Information section start

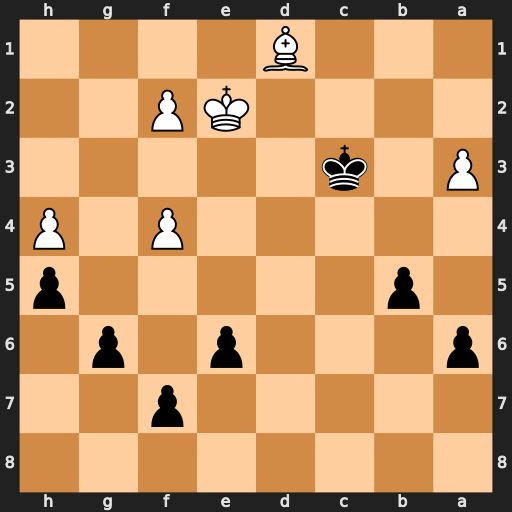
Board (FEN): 8/5p2/p3p1p1/1p5p/5P1P/P1k5/4KP2/3B4
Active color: b
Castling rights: -
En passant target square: -
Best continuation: a5 a4 b4 Ke3 b3 Bf3 Kb4 Kd2 Kxa4 Kc1 f5 Kb2 Kb4 Kb1 a4
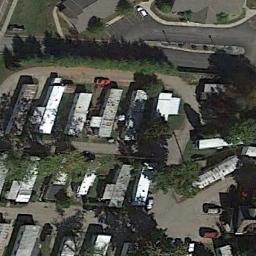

Information section end

What the task asks: Could the lines above be copied out exactly, with no image carried over?

Solution:
Board (FEN): 8/5p2/p3p1p1/1p5p/5P1P/P1k5/4KP2/3B4
Active color: b
Castling rights: -
En passant target square: -
Best continuation: a5 a4 b4 Ke3 b3 Bf3 Kb4 Kd2 Kxa4 Kc1 f5 Kb2 Kb4 Kb1 a4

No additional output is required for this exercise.